Pregnant people who are in a higher-risk group may have their protein levels tested from the start of the pregnancy to establish a baseline; their provider will then watch those levels make sure they aren't increasing. In some cases, a pregnant person can also have a high, but stable, amount of protein in their urine. If their blood pressure is relatively normal, preeclampsia may not be the issue. In fact, says Dr. Abernathy, it may just be a previously undiagnosed problem—something to monitor but not worry over. Having higher protein levels in your urine before 20 weeks may also not be a concern.

How Does the Test Work?

In the past, checking protein levels in urine was done with an in-office dipstick test. But that test wasn't sensitive enough, as it couldn't tell you exactly how much protein was there, just a range from low to high. It was also vulnerable to the daily fluctuations in your protein levels. Today, Dr. Abernathy says that when she has concerns about a patient's blood pressure she prefers to test the ratio of protein-to-creatinine in their urine, and also conduct blood tests to check their liver function. If the protein-to-creatinine ratio comes back high, then she turns to the gold standard: a 24-hour urine collection test. (Yes, it's exactly what it sounds like. You hoard your pee for a day, then drop it off at the lab.).

Should I Be Worried?

That depends. If you're suffering from high blood pressure but your protein levels are fine, you may be experiencing gestational hypertension. It's only when high blood pressure is accompanied by high protein levels that preeclampsia becomes a concern. And yes, it can be dangerous, even fatal, for you and/or baby if it's not treated properly. More serious complications include HELLP Syndrome, which can cause you to bleed heavily, develop blood clots and fluid in your lungs, and suffer from liver or kidney failure. Any sign of increased blood pressure warrants immediate attention from your provider.

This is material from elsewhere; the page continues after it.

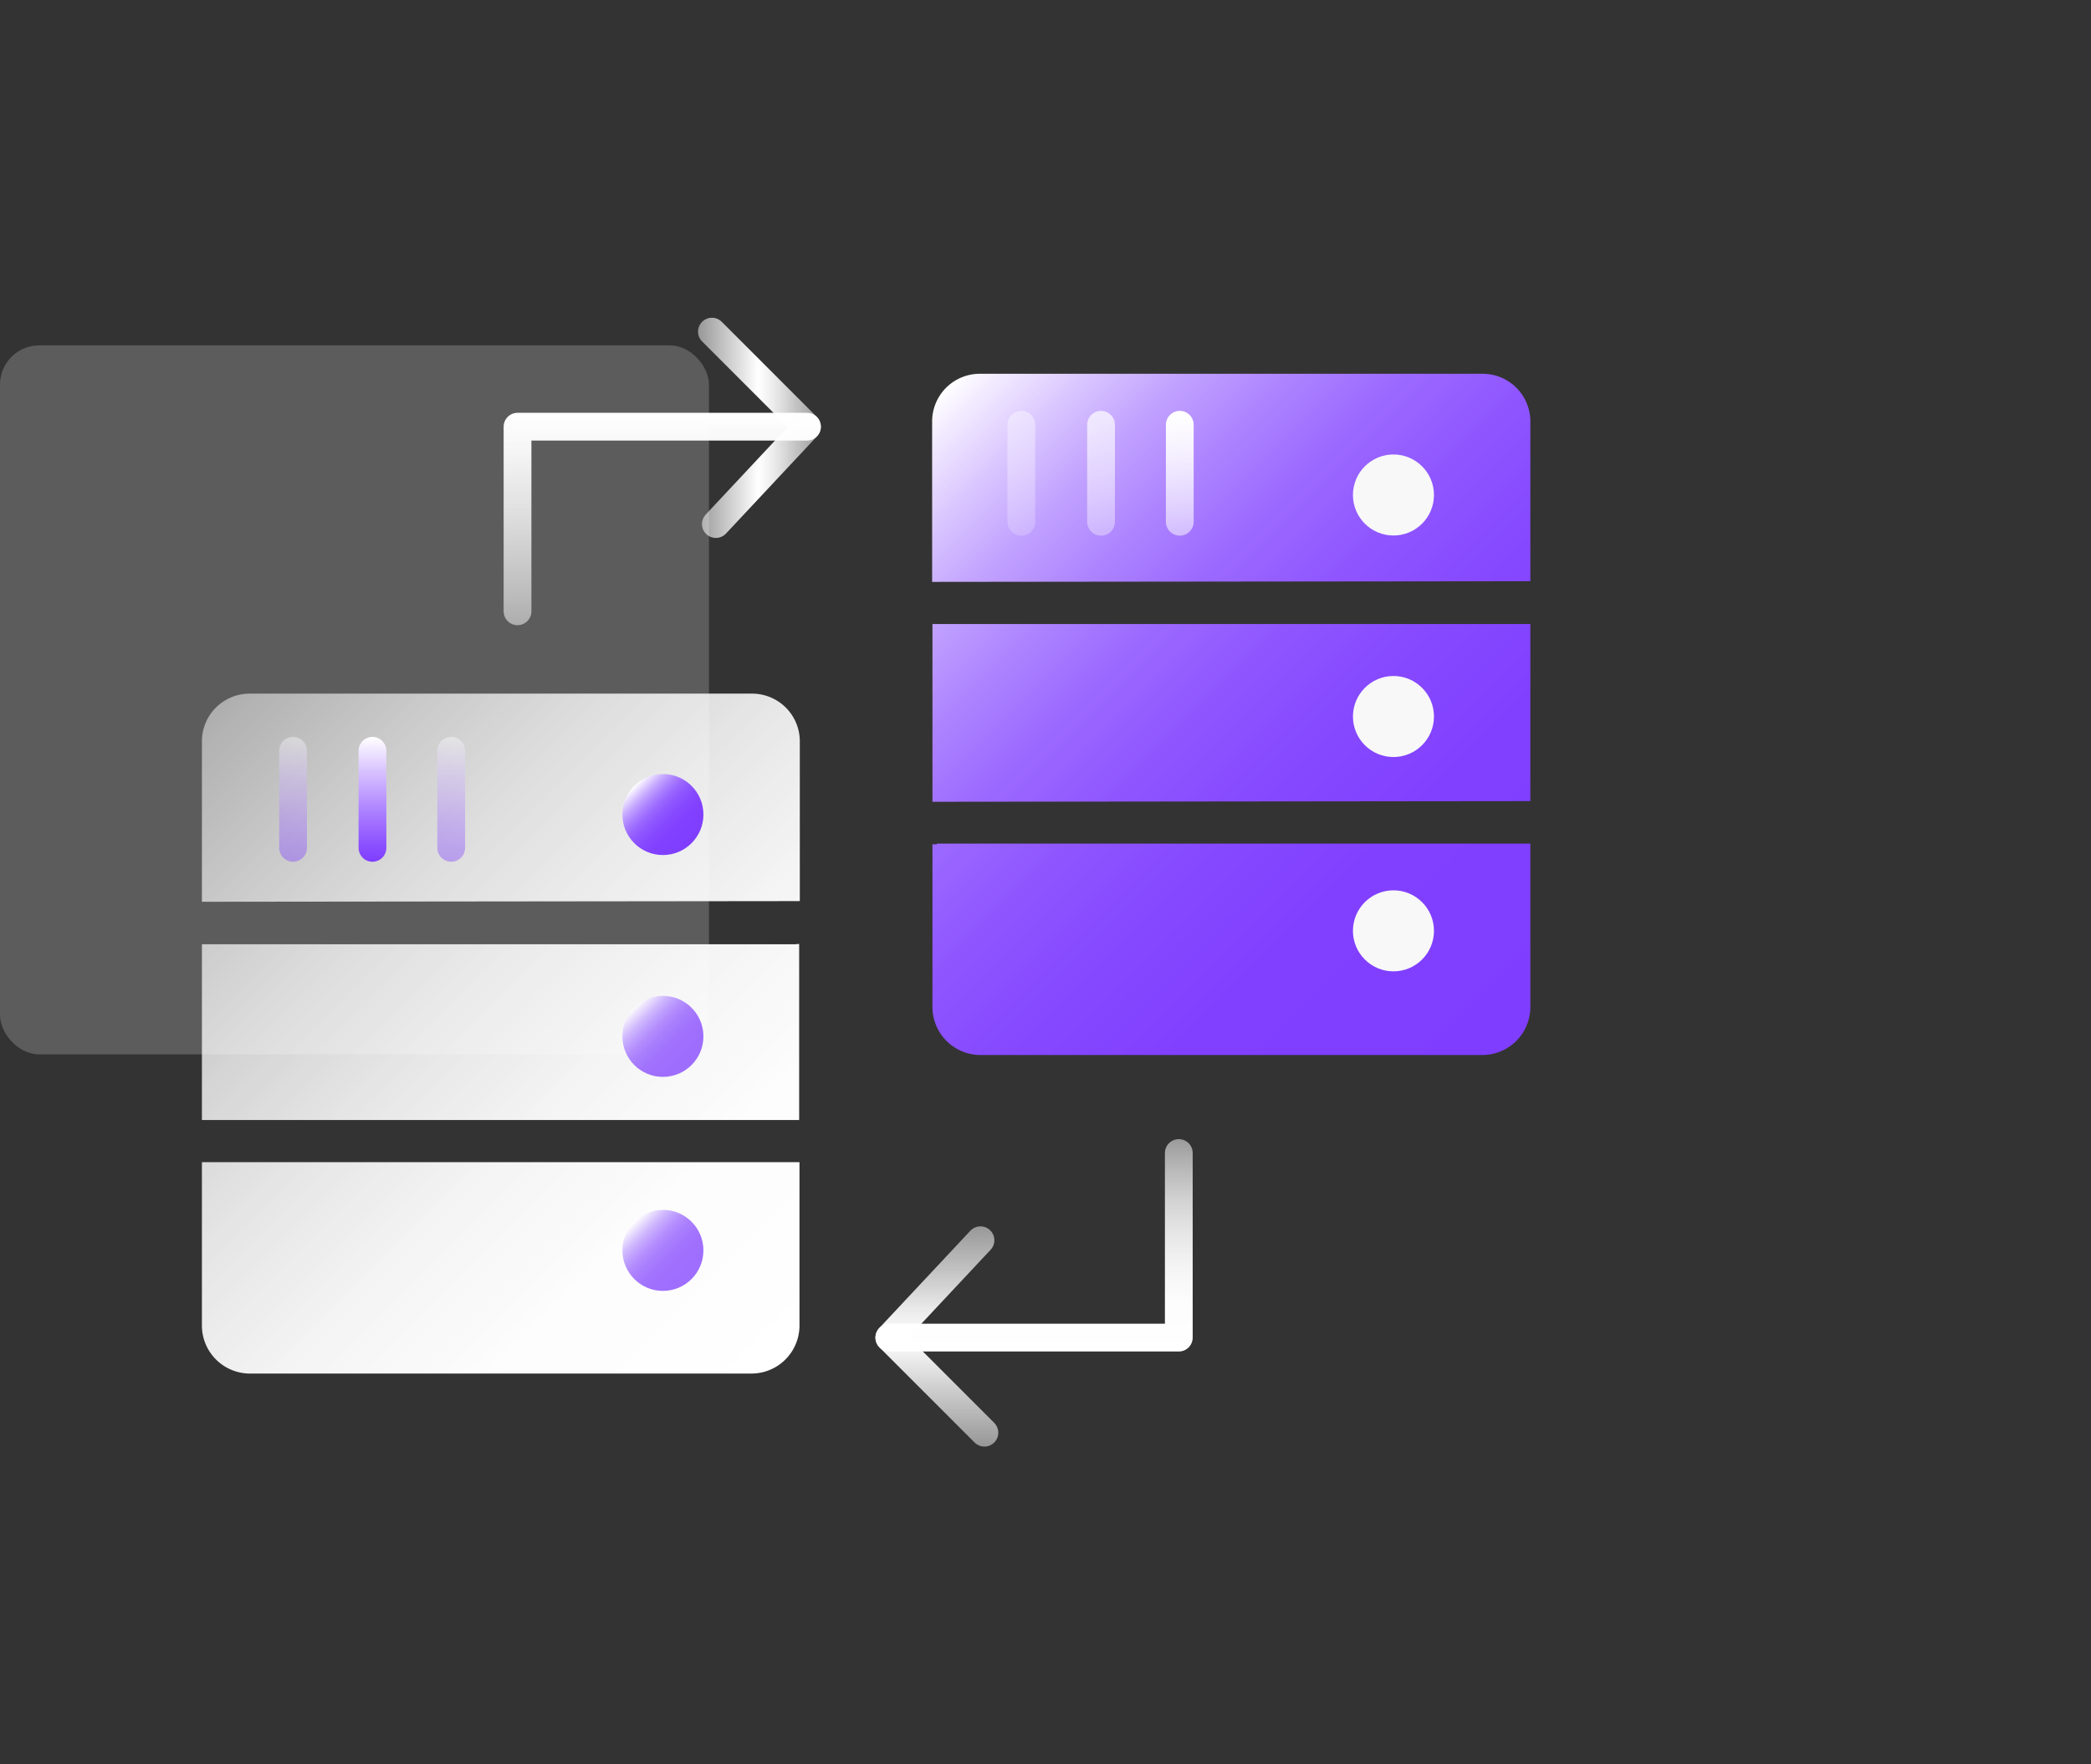 <svg id="图层_1" data-name="图层 1" xmlns="http://www.w3.org/2000/svg" xmlns:xlink="http://www.w3.org/1999/xlink" viewBox="0 0 64 54"><rect x="0" y="0" width="64" height="54" fill="#333333" stroke="none"/><defs><style>.cls-1{fill:#fff;opacity:0.2;}.cls-2{fill:url(#未命名的渐变_6);}.cls-3{fill:url(#未命名的渐变_6-2);}.cls-4{fill:url(#未命名的渐变_6-3);}.cls-5{fill:url(#未命名的渐变_43);}.cls-6{fill:url(#未命名的渐变_43-2);}.cls-7{fill:url(#未命名的渐变_43-3);}.cls-10,.cls-15,.cls-16,.cls-17,.cls-18,.cls-19,.cls-20,.cls-21,.cls-8,.cls-9{fill:none;stroke-linecap:round;stroke-linejoin:round;stroke-width:0.85px;}.cls-20,.cls-8,.cls-9{opacity:0.4;}.cls-8{stroke:url(#未命名的渐变_19);}.cls-9{stroke:url(#未命名的渐变_19-2);}.cls-10{stroke:url(#未命名的渐变_19-3);}.cls-11{fill:url(#未命名的渐变_43-4);}.cls-12,.cls-13{opacity:0.75;}.cls-12{fill:url(#未命名的渐变_43-5);}.cls-13{fill:url(#未命名的渐变_43-6);}.cls-14{fill:#f8f8f8;}.cls-15{stroke:url(#未命名的渐变_39);}.cls-16{stroke:url(#未命名的渐变_42);}.cls-17{stroke:url(#未命名的渐变_6-4);}.cls-18{stroke:url(#未命名的渐变_42-2);}.cls-19{stroke:url(#未命名的渐变_39-2);}.cls-20{stroke:url(#未命名的渐变_39-3);}.cls-21{opacity:0.7;stroke:url(#未命名的渐变_39-4);}</style><linearGradient id="未命名的渐变_6" x1="21.32" y1="44.38" x2="2.6" y2="25.66" gradientUnits="userSpaceOnUse"><stop offset="0" stop-color="#fff"/><stop offset="0.22" stop-color="#fff" stop-opacity="0.99"/><stop offset="0.39" stop-color="#fff" stop-opacity="0.95"/><stop offset="0.55" stop-color="#fff" stop-opacity="0.88"/><stop offset="0.7" stop-color="#fff" stop-opacity="0.79"/><stop offset="0.84" stop-color="#fff" stop-opacity="0.67"/><stop offset="0.98" stop-color="#fff" stop-opacity="0.53"/><stop offset="1" stop-color="#fff" stop-opacity="0.5"/></linearGradient><linearGradient id="未命名的渐变_6-2" x1="24.73" y1="40.97" x2="6.01" y2="22.26" xlink:href="#未命名的渐变_6"/><linearGradient id="未命名的渐变_6-3" x1="28.09" y1="37.6" x2="9.38" y2="18.89" xlink:href="#未命名的渐变_6"/><linearGradient id="未命名的渐变_43" x1="47.07" y1="31.2" x2="28.35" y2="12.48" gradientUnits="userSpaceOnUse"><stop offset="0" stop-color="#7f3eff"/><stop offset="0.27" stop-color="#8140ff"/><stop offset="0.41" stop-color="#8649ff"/><stop offset="0.53" stop-color="#8f56ff"/><stop offset="0.64" stop-color="#9c6aff"/><stop offset="0.73" stop-color="#ad84ff"/><stop offset="0.82" stop-color="#c2a3ff"/><stop offset="0.9" stop-color="#dbc8ff"/><stop offset="0.98" stop-color="#f7f2ff"/><stop offset="1" stop-color="#fff"/></linearGradient><linearGradient id="未命名的渐变_43-2" x1="43.66" y1="34.61" x2="24.95" y2="15.89" xlink:href="#未命名的渐变_43"/><linearGradient id="未命名的渐变_43-3" x1="50.45" y1="27.82" x2="31.74" y2="9.1" xlink:href="#未命名的渐变_43"/><linearGradient id="未命名的渐变_19" x1="13.81" y1="22.56" x2="13.81" y2="26.37" gradientUnits="userSpaceOnUse"><stop offset="0" stop-color="#fff"/><stop offset="0.25" stop-color="#dbc8ff"/><stop offset="0.61" stop-color="#aa7eff"/><stop offset="0.87" stop-color="#8b50ff"/><stop offset="1" stop-color="#7f3eff"/></linearGradient><linearGradient id="未命名的渐变_19-2" x1="8.97" y1="22.56" x2="8.97" y2="26.37" xlink:href="#未命名的渐变_19"/><linearGradient id="未命名的渐变_19-3" x1="11.4" y1="22.56" x2="11.4" y2="26.37" xlink:href="#未命名的渐变_19"/><linearGradient id="未命名的渐变_43-4" x1="21.17" y1="25.81" x2="19.42" y2="24.06" xlink:href="#未命名的渐变_43"/><linearGradient id="未命名的渐变_43-5" x1="21.17" y1="32.6" x2="19.42" y2="30.84" xlink:href="#未命名的渐变_43"/><linearGradient id="未命名的渐变_43-6" x1="21.17" y1="39.15" x2="19.42" y2="37.4" xlink:href="#未命名的渐变_43"/><linearGradient id="未命名的渐变_39" x1="20.27" y1="12.64" x2="20.27" y2="19.14" gradientUnits="userSpaceOnUse"><stop offset="0" stop-color="#fff"/><stop offset="0.16" stop-color="#fff" stop-opacity="0.95"/><stop offset="0.44" stop-color="#fff" stop-opacity="0.82"/><stop offset="0.82" stop-color="#fff" stop-opacity="0.61"/><stop offset="1" stop-color="#fff" stop-opacity="0.5"/></linearGradient><linearGradient id="未命名的渐变_42" x1="21.36" y1="13.09" x2="25.13" y2="13.09" gradientUnits="userSpaceOnUse"><stop offset="0.01" stop-color="#fff" stop-opacity="0.5"/><stop offset="0.49" stop-color="#fff"/><stop offset="0.62" stop-color="#fff" stop-opacity="0.9"/><stop offset="0.87" stop-color="#fff" stop-opacity="0.63"/><stop offset="1" stop-color="#fff" stop-opacity="0.5"/></linearGradient><linearGradient id="未命名的渐变_6-4" x1="31.65" y1="41.36" x2="31.65" y2="34.86" xlink:href="#未命名的渐变_6"/><linearGradient id="未命名的渐变_42-2" x1="28.67" y1="44.27" x2="28.67" y2="37.54" xlink:href="#未命名的渐变_42"/><linearGradient id="未命名的渐变_39-2" x1="36.11" y1="12.58" x2="36.11" y2="16.4" xlink:href="#未命名的渐变_39"/><linearGradient id="未命名的渐变_39-3" x1="31.26" y1="12.58" x2="31.26" y2="16.4" xlink:href="#未命名的渐变_39"/><linearGradient id="未命名的渐变_39-4" x1="33.7" y1="12.58" x2="33.7" y2="16.4" xlink:href="#未命名的渐变_39"/></defs><title>3</title><rect class="cls-1" y="10.57" width="21.7" height="21.7" rx="1.2"/><path class="cls-2" d="M6.32,35.57H6.18v5a1.47,1.47,0,0,0,1.47,1.47H23a1.47,1.47,0,0,0,1.47-1.47v-5H6.32Z"/><path class="cls-3" d="M24.34,28.9H6.18v5.38l.14,0h18l.14,0V28.89Z"/><path class="cls-4" d="M24.34,27.58l.14,0V22.69A1.46,1.46,0,0,0,23,21.23H7.65a1.46,1.46,0,0,0-1.47,1.46V27.6l.14,0Z"/><path class="cls-5" d="M46.7,24.52l.14,0V19.1H28.54v5.44l.14,0Z"/><path class="cls-6" d="M28.68,25.84h-.14v5A1.47,1.47,0,0,0,30,32.29H45.37a1.47,1.47,0,0,0,1.47-1.47v-5H28.68Z"/><path class="cls-7" d="M46.7,17.79l.14,0V12.9a1.46,1.46,0,0,0-1.47-1.46H30a1.46,1.46,0,0,0-1.47,1.46v4.91l.14,0Z"/><line class="cls-8" x1="13.81" y1="22.98" x2="13.81" y2="25.95"/><line class="cls-9" x1="8.97" y1="22.98" x2="8.97" y2="25.95"/><line class="cls-10" x1="11.4" y1="22.98" x2="11.4" y2="25.95"/><circle class="cls-11" cx="20.29" cy="24.93" r="1.24"/><circle class="cls-12" cx="20.29" cy="31.72" r="1.24"/><circle class="cls-13" cx="20.29" cy="38.27" r="1.24"/><circle class="cls-14" cx="42.65" cy="15.15" r="1.24"/><circle class="cls-14" cx="42.65" cy="21.93" r="1.24"/><circle class="cls-14" cx="42.65" cy="28.49" r="1.24"/><polyline class="cls-15" points="15.84 18.71 15.84 13.06 24.7 13.06"/><polyline class="cls-16" points="21.79 10.15 24.7 13.06 21.91 16.04"/><polyline class="cls-17" points="36.08 35.29 36.08 40.94 27.22 40.94"/><polyline class="cls-18" points="30.13 43.85 27.22 40.94 30.01 37.96"/><line class="cls-19" x1="36.11" y1="13" x2="36.11" y2="15.97"/><line class="cls-20" x1="31.26" y1="13" x2="31.26" y2="15.97"/><line class="cls-21" x1="33.7" y1="13" x2="33.7" y2="15.97"/></svg>

If you are diagnosed with preeclampsia, you'll probably have a conversation with your OB-GYN about delivering your baby at 37 weeks, says Dr. Abernathy. That's the point (technically called "early full term") at which there tend to be fewer complications for the baby. If you're diagnosed early on, you may go on medications and could need to be hospitalized as you await delivery; a later diagnosis naturally means decisions need to be made more urgently. Either way, it is generally thought that it's better to deliver a few weeks early than to risk your health and that of your child by continuing to wait.

Preeclampsia has historically been a driver of bad maternal health outcomes, but providers now are "very vigilant about it," says Dr. Abernathy. 'We try to diagnose it early."

Can I Lower My Protein Levels?

There's no real way to reduce them while pregnant, says Dr. Abernathy. Your health care provider would be more likely to keep an eye on them and consider delivering the baby earlier if preeclampsia occurs. High protein is more of a marker for other problems, and those may be treated directly. If your provider suspects that your protein increase is not pregnancy related, they may monitor you after delivery.

It's important to remember that preeclampsia is a fairly random occurrence. There's not much a pregnant person can really do to prevent the condition itself. If you have a history of high blood pressure, your provider might recommend taking a baby aspirin, which has been shown to be beneficial for people at risk for developing preeclampsia.

"So many people who have preeclampsia are just prone to developing hypertension, and they're going to have high blood pressure issues when they're older," admits Dr. Abernathy.